Wrapper for internal _copy.

classmethod from_grouping(grouping, invalid_category=None)[source]
get_categories()[source]

TODO: decide what to return for int enum categories. for now returning list of category strings

get_category_index(s)[source]

Returns an integer or float for logical comparisons with the Categorical’s index array. Floating point return ensures that LTE/GTE functions work properly

get_category_match_index(fld)[source]

Returns the indices of matching strings in the unique list. The Categorical instance will compare these integers to those in its underlying array to generate a boolean mask.

get_multikey_index(multikey)[source]

Multikey categoricals can be indexed by tuple. This is an internal routine for getitem, setitem, and logical comparisons. Valid return will be adjusted for the base index of the categorical (currently always 1 for multikey)

Parameters:

multikey (tuple of items to search for in multiple columns) –

Returns:

location of multikey + base index, or -1 if not found

Return type:

int

Examples

>>> c = rt.Categorical([rt.arange(5), rt.arange(5)])
>>> c
Categorical([(0, 0), (1, 1), (2, 2), (3, 3), (4, 4)]) Length: 5
  FastArray([1, 2, 3, 4, 5], dtype=int8) Base Index: 1
  {'key_0': FastArray([0, 1, 2, 3, 4]), 'key_1': FastArray([0, 1, 2, 3, 4])} Unique count: 5
>>> c._categories_wrap.get_multikey_index((0,0))
1
match_str_to_category(fld)[source]

If necessary, convert the string or list of strings to the same type as the categories so that correct comparisons can be made.
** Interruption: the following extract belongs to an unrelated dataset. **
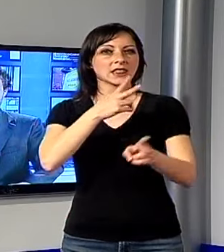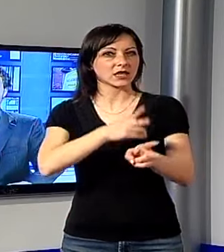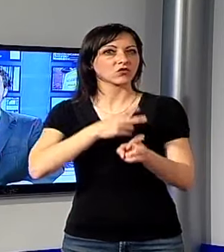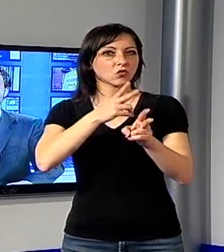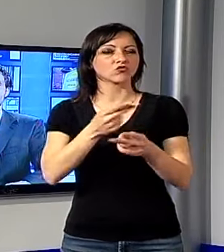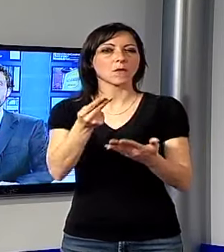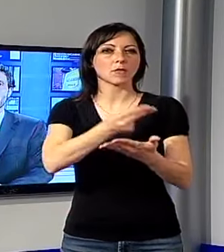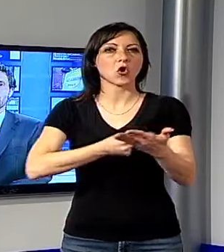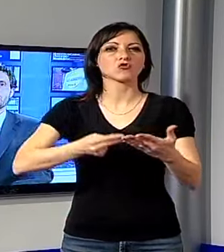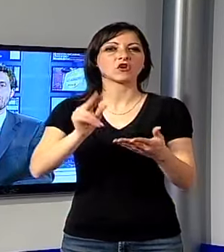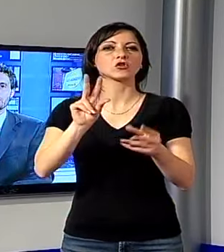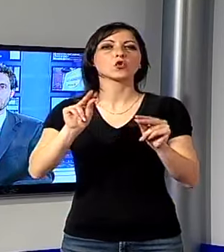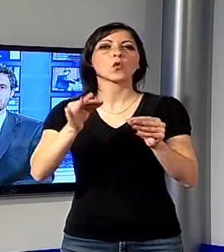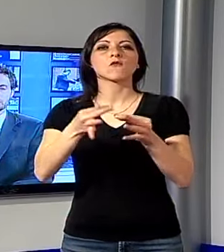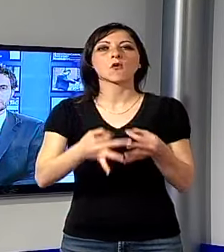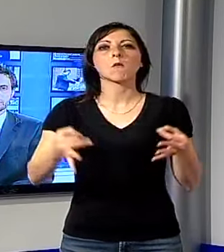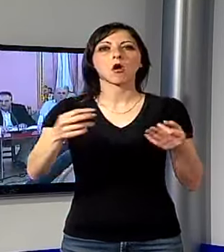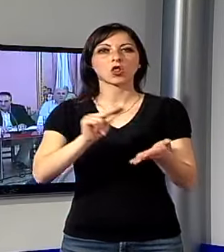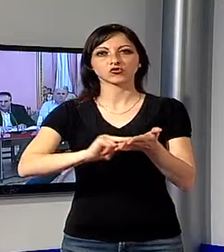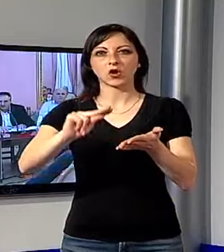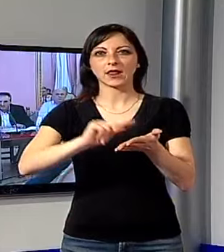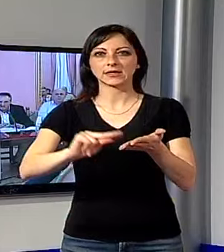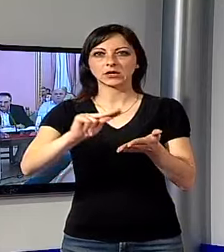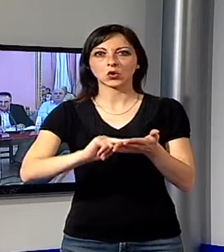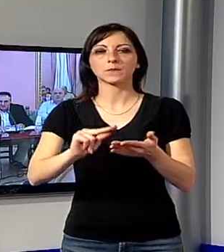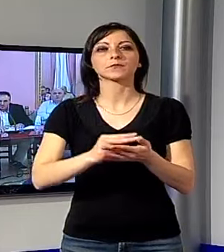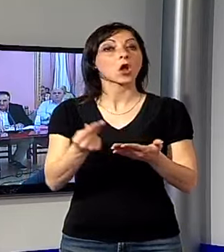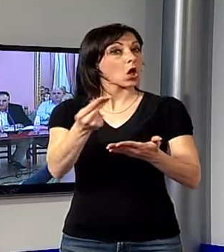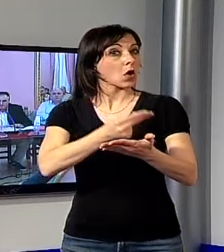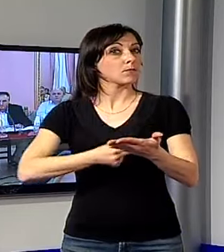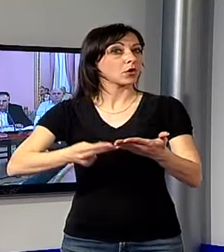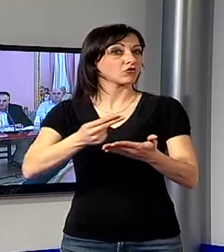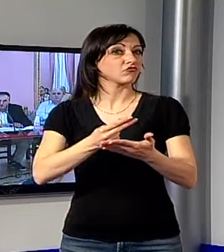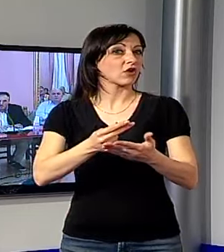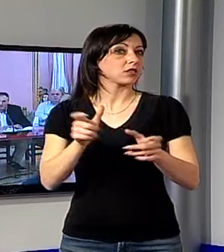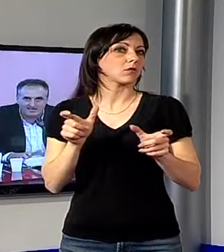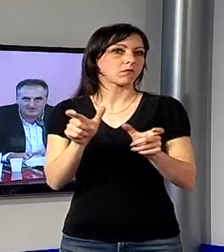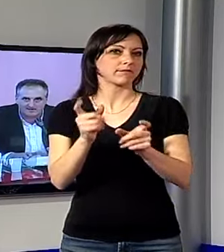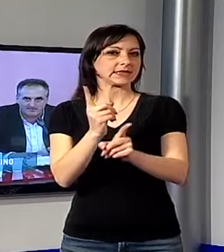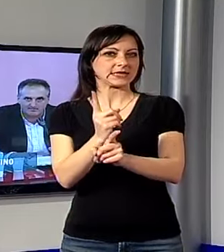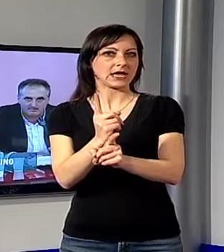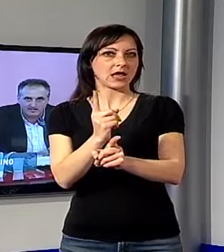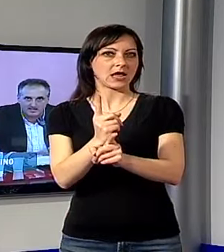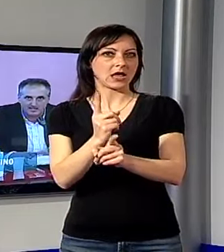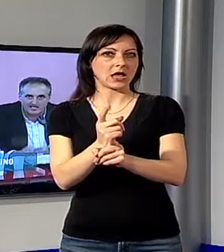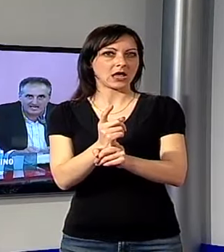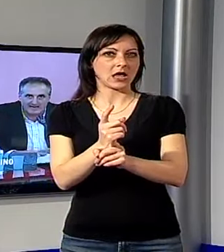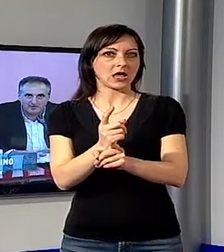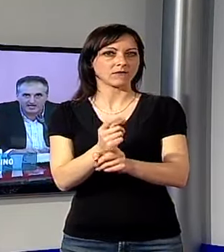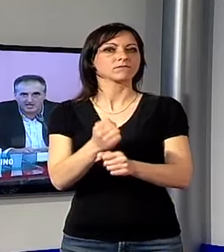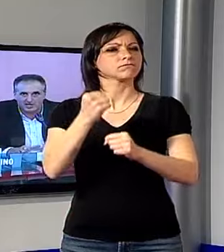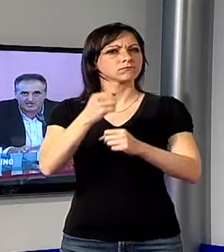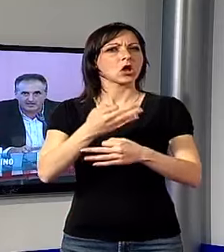progetto del nuovo polo scolastico. Questo progetto non sa da fare. Sono convinti delle proprie idee
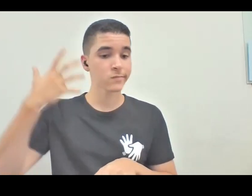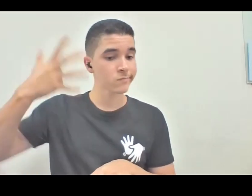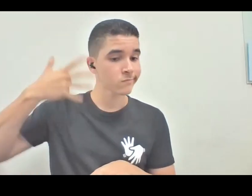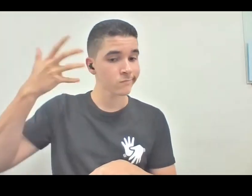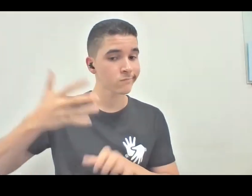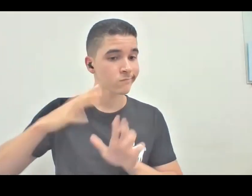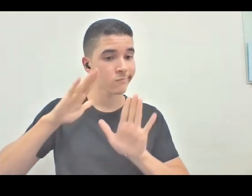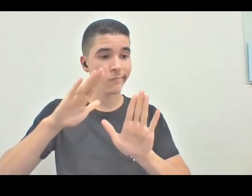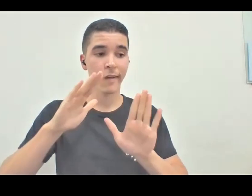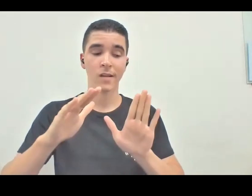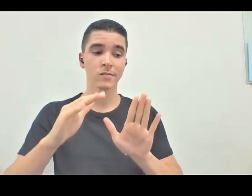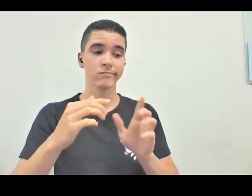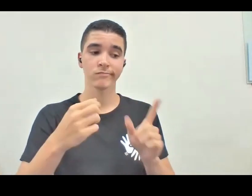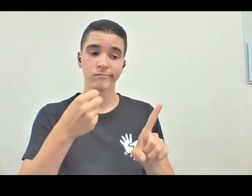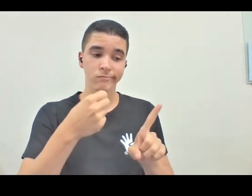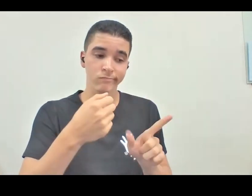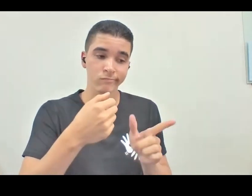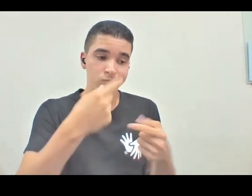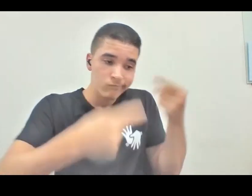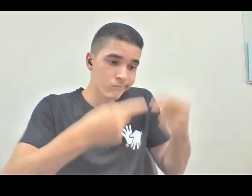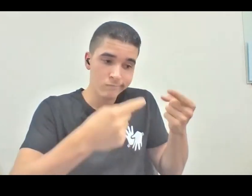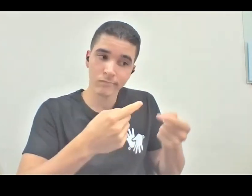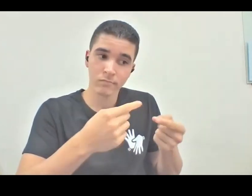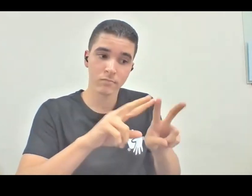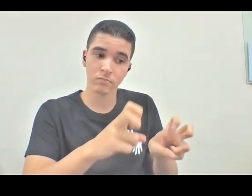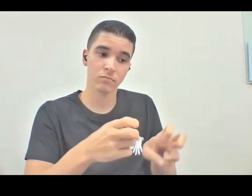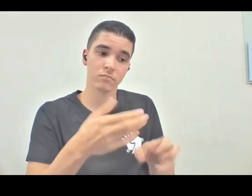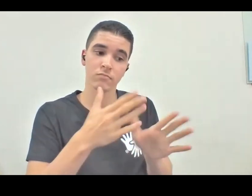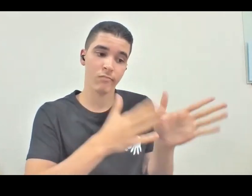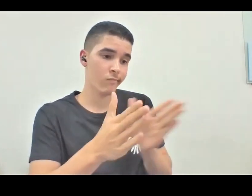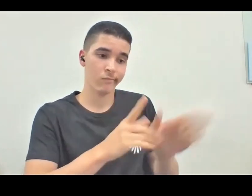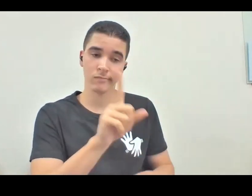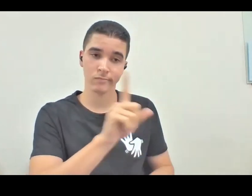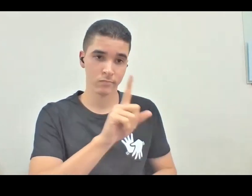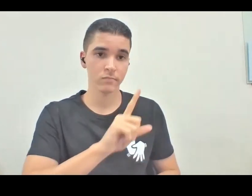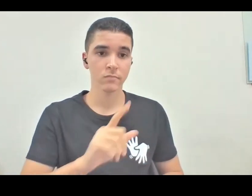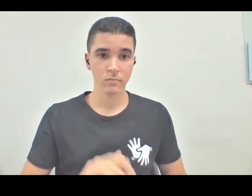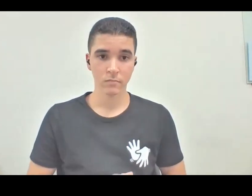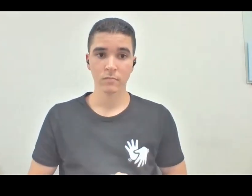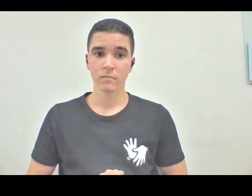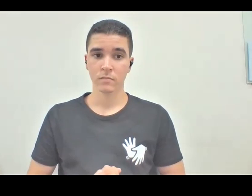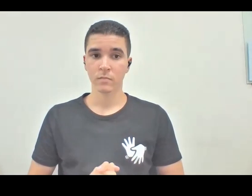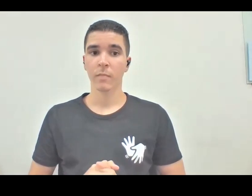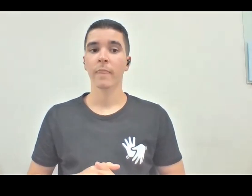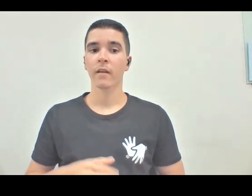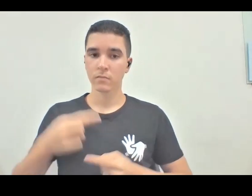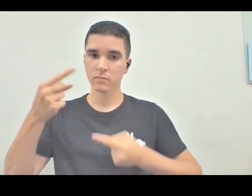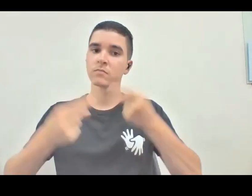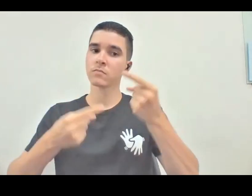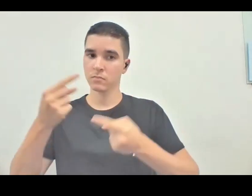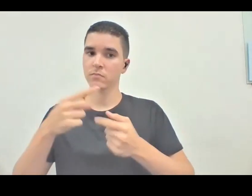Então, Liliana, muito obrigado, assim, uma que nos dá a dimensão que a gente está com essa discussão em Recife também, né, então,

possibly_invalid(value)[source]

If the calling categorical’s values are set to a bad index, the !<badindex> will be returned. If the bad index is the sentinel value for that integer type, !<inv> will be returned

riptable.rt_categorical.CatZero(values, categories=None, ordered=None, sort_gb=None, lex=None, base_index=0, **kwargs)[source]

Calls Categorical() with base_index keyword set to 0.

riptable.rt_categorical.categorical_convert(v, base_index=0)[source]
Parameters:

v (a pandas categorical) –

Returns:

  • Returns the two building blocks to make an rt categorical (integer array, and what that indexes into)

  • whatever the pandas categorical underlying object is we try to convert it to a string to

  • detach from object references and free of pandas references

  • pandas also uses -1 to indicate an out of bounds value, when we detect this, we insert an item in the beginning

Examples

>>> p=pd.Categorical(['a','b','b','a','a','c','b','c','a','a'], categories=['a','b'])
>>> test=Categorical(p)

from a cut

>>> a=rt.FA(rt.arange(10.0)+.1)
>>> p=pd.cut(a,[0,3,6,7])
(0, 3], (0, 3], (3, 6], (3, 6], (3, 6], (6, 7], NaN, NaN, NaN]
>>> test=Categorical(p)
Categorical([(0, 3], (0, 3], (0, 3], (3, 6], (3, 6], (3, 6], (6, 7], nan, nan, nan])
riptable.rt_categorical.categorical_merge_dict(list_categories, return_is_safe=False, return_type=Categorical)[source]

Checks to make sure all unique string values in all dictionaries have the same corresponding integer in every categorical they appear in. Checks to make sure all unique integer values in all dictionaries have the same corresponding string in every categorical they appear in.